В башку лезло странное. Если у Светлого есть силы спасать, может, он и его, беса, спасет?.. Сделает человеком?.. Если Светлый всё знает, неужели он не видит, как бес устал от себя! Стать другим — всё равно, каким, но другим, иным, новым! Даже шкура кошки или собаки была ему сейчас милее, чем его проклятая, смертельно надоевшая сущность, которую люди видеть не могут, а маги не желают…
Он долго ворочался в конуре. Всякая разность беспокоила его. Чудилось, что он опять попал в хозяйский шкаф, где надо сидеть взаперти без звуков, сна и пищи. То он летел вслед за желтой бабочкой прочь из плена. То гулял по базару и покупал снедь для дома, где его ждала женщина с родинкой на виске. Постепенно он задремал под немые игры мышат и прохладные дуновения бабочкиных крыльев.
Глава 11
Бес провел ночь в конуре. Чье это было лежбище — неизвестно. Его никто не беспокоил. Рано утром пришли базарные псы, лаялись из-за сучки в течке, и ему пришлось разогнать их шипеньем, которое привело их в ужас: совсем недавно одного их собрата, плюгавого полубеса, отравила до смерти змея, жившая под кумирней.
Псы таращились на конуру до тех пор, пока он не вылез наружу. Тогда они сбежали. Упорный Тумбал погавкал еще немного, чтобы показать свою злость и месть, но бес пустил на него едкую струю вони, и черно-белый гад с визгом умчался за другими шавками.
Базар уже шумел и торговал. Ссорятся нищие. Ходят важные сахибы и покупают, не спрашивая о ценах. Кули тащат на спинах и тележках корзины и мешки с товарами. Мальчишки носят на головах блюда с лепешками и сыром. Торговки делят прилавки, весы и гири. Орут водоносы. Толпятся зеваки, с хохотом смотрят, как зубодер длинными и кривыми щипцами рвет зуб бедняге-плотнику. На попонах расставлены глиняные кувшины, миски, пиалы. Чеканщики выбивают железными палочками дробь по кувшинам и блюдам, звоном привлекая покупателей и отгоняя всякую нечисть, снующую под ногами.
Бес с поджатым увечным крылом принялся слоняться по рядам, слушать болтовню и сплетни. Оказалось, что тот угол, где продаются украшения — Золотой, тот, где овощи и фрукты — Зеленый, место шудр и парий зовется Грязным углом, а там, где идет торговля скотом — Живым. Там нет индусов, хозяйничают низкие плотные и молчаливые тибетцы. Оттуда идет явственный запах большой крови. Не мешает заглянуть и подкрепиться.
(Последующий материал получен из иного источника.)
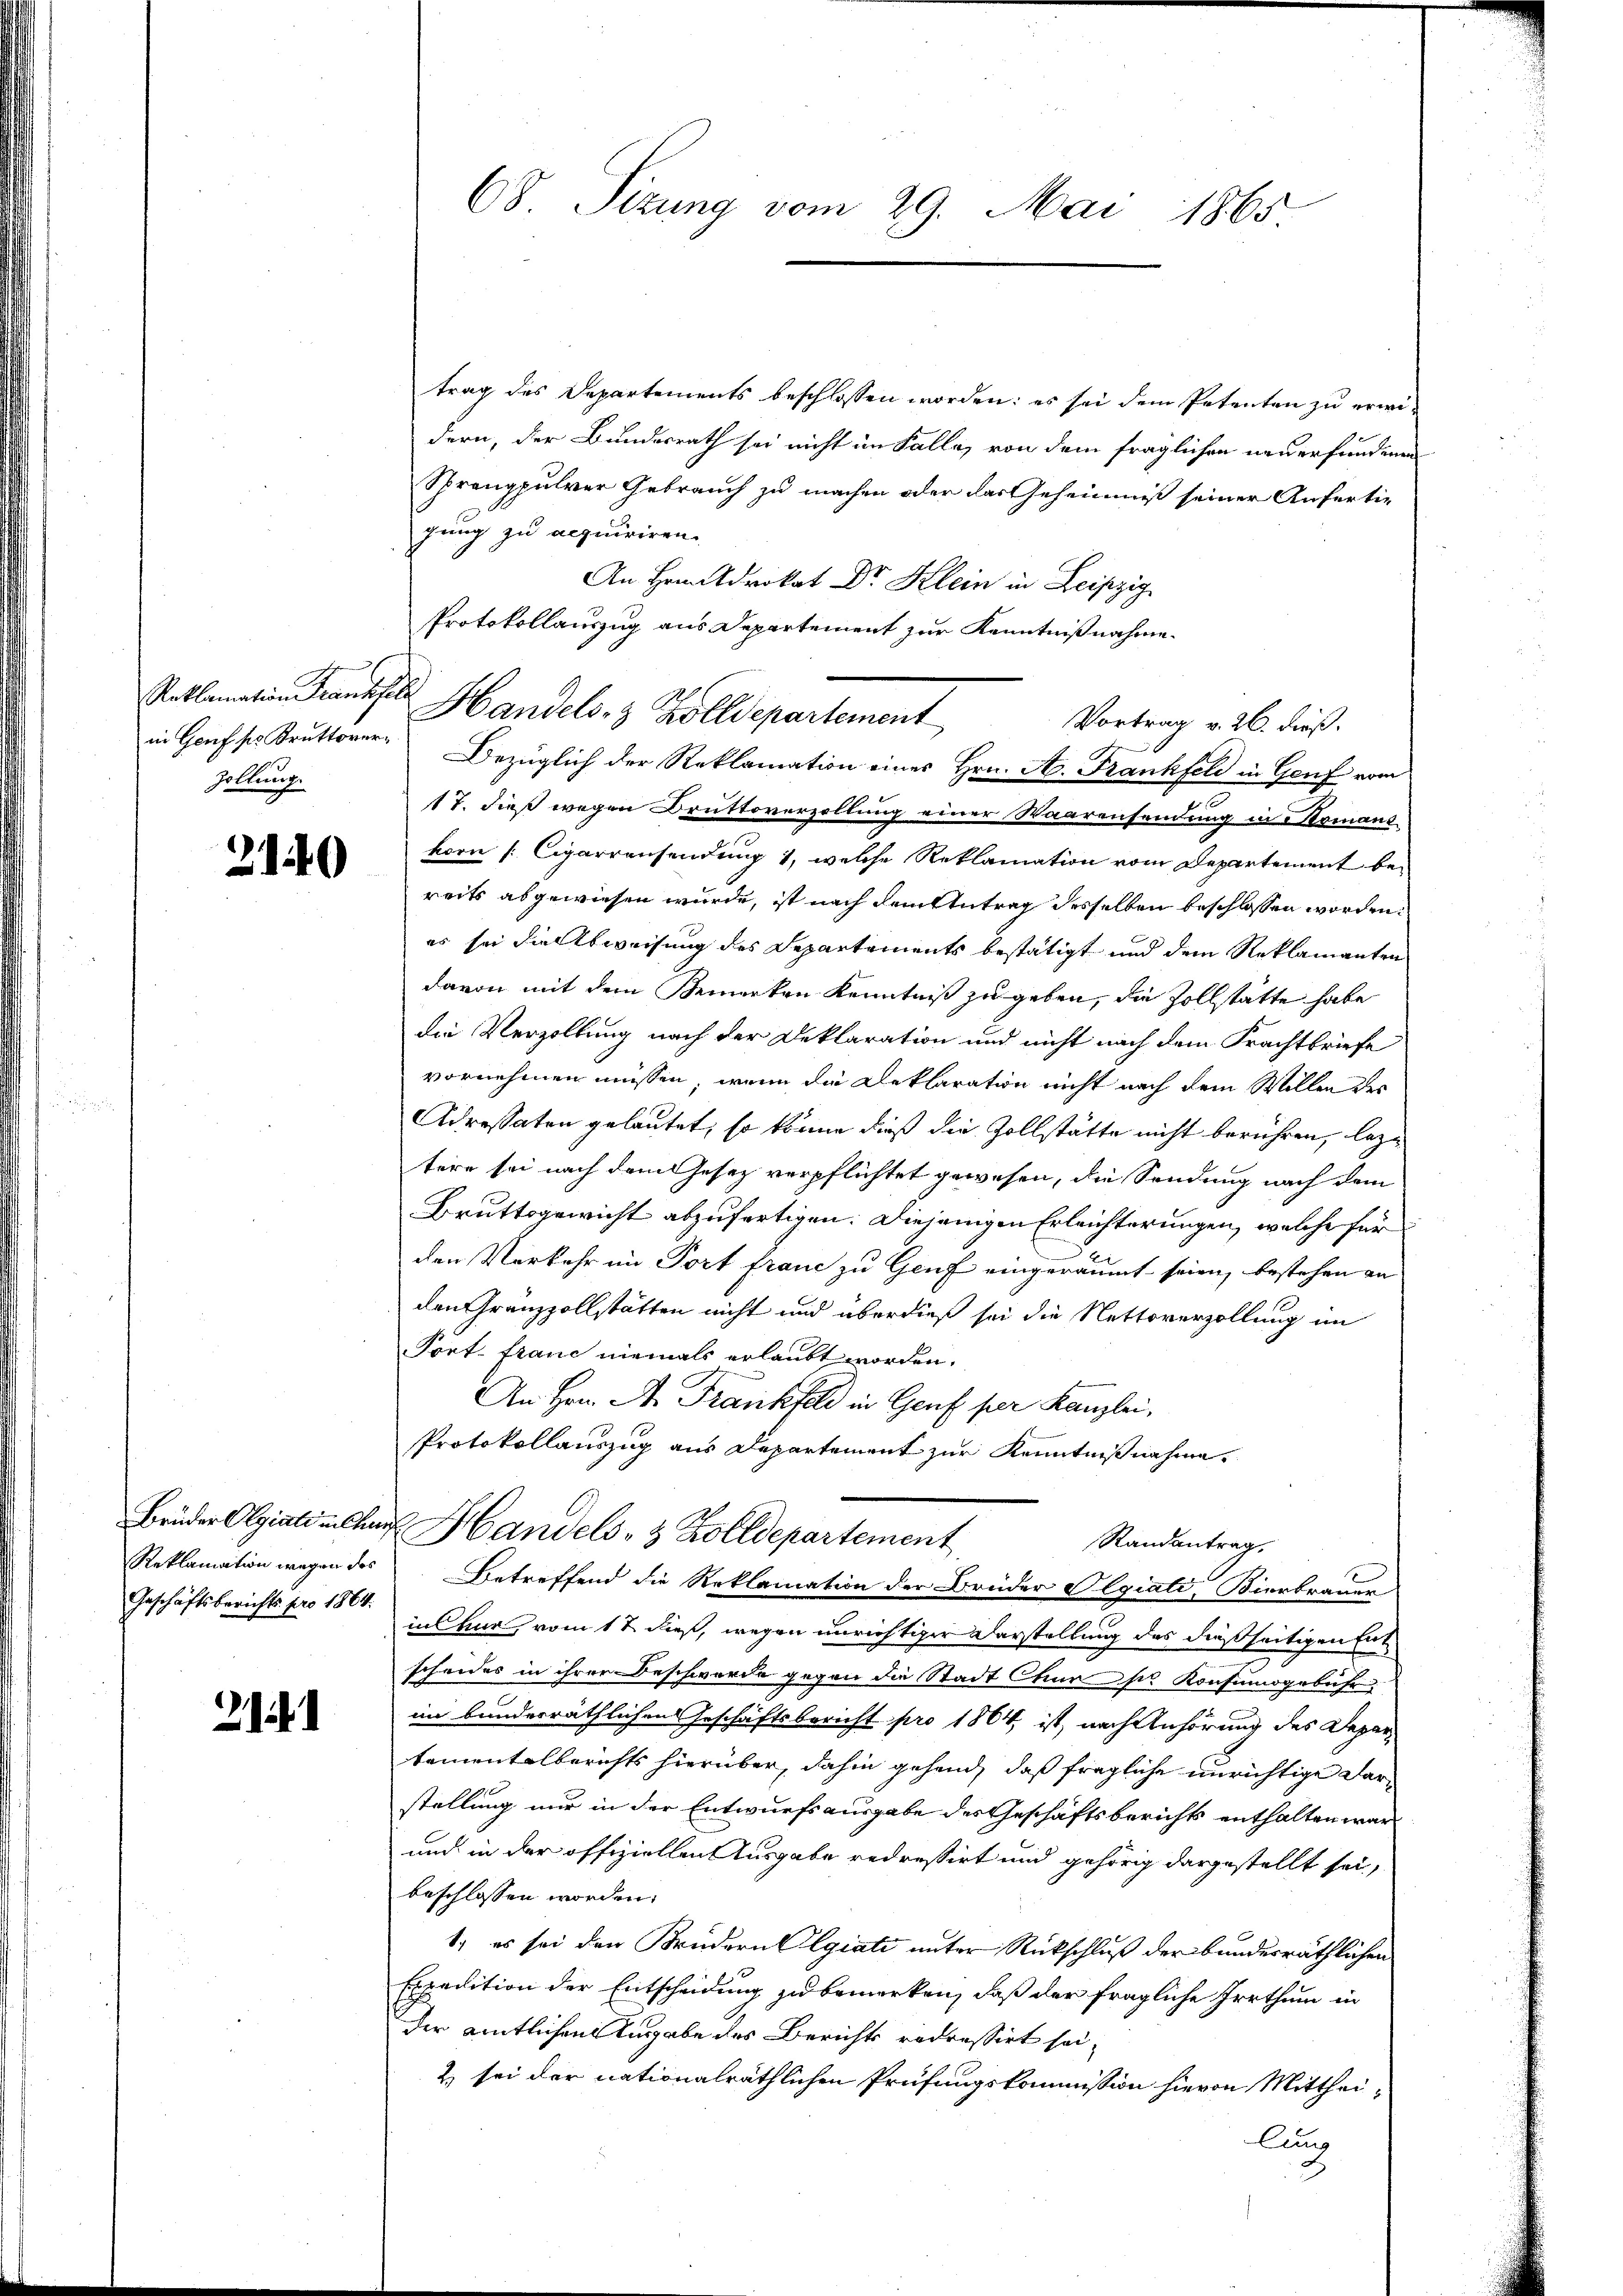
Zollung

2140

Geschäftsberichts pro 1864.

2

trag des Departements beschlossen worden: es sei dem Petenten zu erwidern, der Bundesrath sei nicht im Falle, von dem fraglichen neuerfundenen
Sprengpulver Gebrauch zu machen oder das Geheimniß seiner Anfertig
gung zu acquiriren.
An Hrn. Advokat Dr. Klein in Leipzig
Protokollauszug aus Departement zur Kenntnißnahme.
Vortrag v. 26. dieß.
in Genf ses Kruttoren Bezüglich der Reklamation eines Hrn. A. Frankfeld in Genf vom
.
17. dieß wegen Druttoverzollung einer Waarensendung in Romans
korn [: Cigarrensendung 1, welche Reklamation vom Departement bereits abgewiesen wurde, ist nach dem Antrag desselben beschlossen worden.
es sei die Abweisung des Departements bestätigt und dem Reklamanten
davon mit dem Bemerken Kenntniß zu geben, die Zollstätte habe
die Verzöllung nach der Deklaration und nicht nach dem Frachtbriefe
vornehmen müssen, wenn die Deklaration nicht nach dem Willen des
Adressaten gelautet, so könne dieß die Zollstätte nicht berühren, leztere sei nach dem Gesetz verpflichtet gewesen, die Sendung nach dem
Bruttsgewicht abzufertigen. Diejenigen Erleichterungen, welche für
den Verkehr im Tort fraue zu Genf eingeräumt seien, bestehen an
den Gränzzollstätten nicht und überdieß sei die Nettoverzollung im
Port. franc niemals erlaubt worden.
An Hrn. A. Frankfeld in Genf per Kanzlei,
Protokollauszug aus Departement zur Kenntnißnahme.
Brüder Olgiali alten Handels- & Zolldepartement
Randantrag,
Reklamation wegen des Betreffend die Reklamation der Brüder Olgiati, Bierbrauer
in Chur, vom 1 t dieß, wegen unrichtiger Darstellung des dießseitigen Ent
scheides in ihrer Beschwerde gegen die Stadt Chur sie Konsumsgebühr
im bundesräthlichen Geschäftsbericht pro 1864, ist, nach Anhörung des Departementalberichts hierüber, dahin gehend, daß fragliche unrichtige Darstellung nur in der Entwurfsausgabe des Geschäftsberichts enthalten war
und in der offiziellen Ausgabe redressirt und gehörig dargestellt sei,
beschlossen worden.
1.) es sei den Brüdern Olgiati unter Rückschluß der bundesräthlichen
Expedition der Entscheidung zu bemerken, daß der fragliche Irrthum in
der amtlichen Angabe des Berichts redressirt sei,
2) sei der nationalräthlichen Prüfungskommission hievon Mittheilung

68 Sizung vom 29. Mai 1865

Reklamation Franke Handels- & Zolldepartement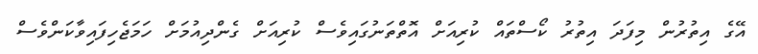
އޭގެ އިތުރުން މިފަދަ އިތުރު ކޯސްތައް ކުރިއަށް އޮތްތަނުގައިވެސް ކުރިއަށް ގެންދިއުމަށް ހަމަޖެހިފައިވާކަންވެސް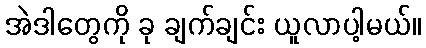
အဲဒါတွေကို ခု ချက်ချင်း ယူလာပါ့မယ်။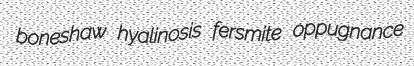
boneshaw hyalinosis fersmite oppugnance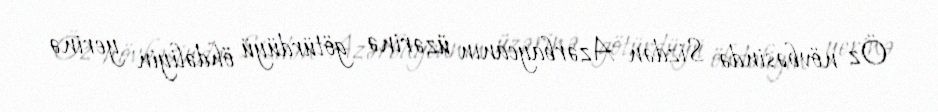
Öz növbəsində Sizdən Azərbaycanın üzərinə götürdüyü öhdəliyin yerinə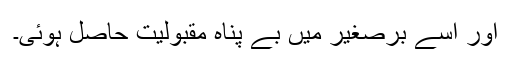
اور اسے برصغیر میں بے پناہ مقبولیت حاصل ہوئی۔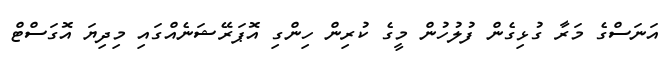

Базарные ведьмы и демоны подозрительно пялились на него, но он не боялся их — среди людей они стали ручными и немощными, могли только исподтишка пускать газы и украдкой плеваться вслед. Он тоже не оставался в долгу, однако в злые перебранки предпочитал не впадать и обходил стороной особо рьяных и сердитых. Даже шарахнулся как ошпаренный от одного красноглазого одичавшего духа, который с хрустом уминал кошачий труп и угрожающе заворчал на него, кося глазами в сторону, что было явным знаком скорого нападения. Но главным проклятьем были обезьяны. Они повсюду, но к бесу не приближаются, хотя хорошо его видят и предупреждают друг друга:
— Там! Тут! Там! Тут!
Возле продавцов камней бес заворожено уставился на большой остроугольный изумруд. Продавец, уложив камень на кусок ткани, заученно бубнит:
— Этот сгусток прилетел со звезды. Он вечен и жив. Дурман лучей невидим, но жар сильнее огня. Когда камень тяжел — кровь проливается. Если звезда над камнем — удача. Трещит камень — жди врага. Журчит — шагай смело…
Бес попытался царапнуть странный зеленый камень, но изумруд не дался: куснул острым боком, соскочил в мешок и зарылся в граненых собратьев.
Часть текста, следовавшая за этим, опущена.